What you have to do: Reproduce exactly the line that contains "de Down dicen" and all lines that follow it in the records below, ending with the last one.

########################################

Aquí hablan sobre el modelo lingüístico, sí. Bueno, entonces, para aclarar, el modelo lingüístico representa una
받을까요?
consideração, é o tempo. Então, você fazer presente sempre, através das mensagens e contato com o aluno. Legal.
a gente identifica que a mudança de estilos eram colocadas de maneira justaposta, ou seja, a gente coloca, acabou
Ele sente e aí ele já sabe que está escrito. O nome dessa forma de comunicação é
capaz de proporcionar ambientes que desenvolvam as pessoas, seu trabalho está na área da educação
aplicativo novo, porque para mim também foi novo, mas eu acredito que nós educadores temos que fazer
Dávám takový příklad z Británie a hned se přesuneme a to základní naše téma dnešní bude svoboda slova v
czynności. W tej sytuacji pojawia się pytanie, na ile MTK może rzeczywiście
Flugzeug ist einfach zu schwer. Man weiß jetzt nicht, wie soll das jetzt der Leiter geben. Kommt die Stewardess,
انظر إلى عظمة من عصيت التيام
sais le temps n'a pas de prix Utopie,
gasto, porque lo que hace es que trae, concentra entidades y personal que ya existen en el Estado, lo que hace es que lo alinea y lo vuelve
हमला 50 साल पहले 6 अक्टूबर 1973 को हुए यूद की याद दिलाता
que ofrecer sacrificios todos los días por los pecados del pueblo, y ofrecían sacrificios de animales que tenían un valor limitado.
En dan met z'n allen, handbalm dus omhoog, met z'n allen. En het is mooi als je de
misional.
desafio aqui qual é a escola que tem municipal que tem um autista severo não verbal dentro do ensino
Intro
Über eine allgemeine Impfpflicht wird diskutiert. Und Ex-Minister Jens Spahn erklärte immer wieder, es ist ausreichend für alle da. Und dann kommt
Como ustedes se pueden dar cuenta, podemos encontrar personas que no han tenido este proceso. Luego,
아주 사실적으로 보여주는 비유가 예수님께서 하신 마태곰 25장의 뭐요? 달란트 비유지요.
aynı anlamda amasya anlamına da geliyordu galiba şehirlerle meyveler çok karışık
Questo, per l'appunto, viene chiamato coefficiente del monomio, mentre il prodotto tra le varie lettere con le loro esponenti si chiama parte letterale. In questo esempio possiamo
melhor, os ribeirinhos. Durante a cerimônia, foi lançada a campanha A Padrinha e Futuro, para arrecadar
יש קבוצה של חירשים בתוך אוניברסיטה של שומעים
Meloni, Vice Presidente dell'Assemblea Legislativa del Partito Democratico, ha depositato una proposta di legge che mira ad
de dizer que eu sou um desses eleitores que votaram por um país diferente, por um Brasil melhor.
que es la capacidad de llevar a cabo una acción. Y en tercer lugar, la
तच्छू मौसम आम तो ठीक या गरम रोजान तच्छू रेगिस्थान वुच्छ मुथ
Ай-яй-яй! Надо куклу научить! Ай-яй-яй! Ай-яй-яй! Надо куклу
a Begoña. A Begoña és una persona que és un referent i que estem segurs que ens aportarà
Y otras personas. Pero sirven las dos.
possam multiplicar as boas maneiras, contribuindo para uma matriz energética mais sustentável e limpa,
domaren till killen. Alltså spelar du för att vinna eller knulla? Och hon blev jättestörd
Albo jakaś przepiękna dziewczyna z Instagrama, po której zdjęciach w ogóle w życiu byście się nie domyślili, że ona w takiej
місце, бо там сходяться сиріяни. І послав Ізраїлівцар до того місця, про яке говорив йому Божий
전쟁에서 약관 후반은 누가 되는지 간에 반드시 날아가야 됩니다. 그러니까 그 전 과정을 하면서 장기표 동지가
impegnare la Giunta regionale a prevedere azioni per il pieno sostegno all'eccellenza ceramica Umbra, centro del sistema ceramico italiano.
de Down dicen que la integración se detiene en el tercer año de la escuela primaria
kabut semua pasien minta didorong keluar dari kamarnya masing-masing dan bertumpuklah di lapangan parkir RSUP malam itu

########################################

Result below:
de Down dicen que la integración se detiene en el tercer año de la escuela primaria
kabut semua pasien minta didorong keluar dari kamarnya masing-masing dan bertumpuklah di lapangan parkir RSUP malam itu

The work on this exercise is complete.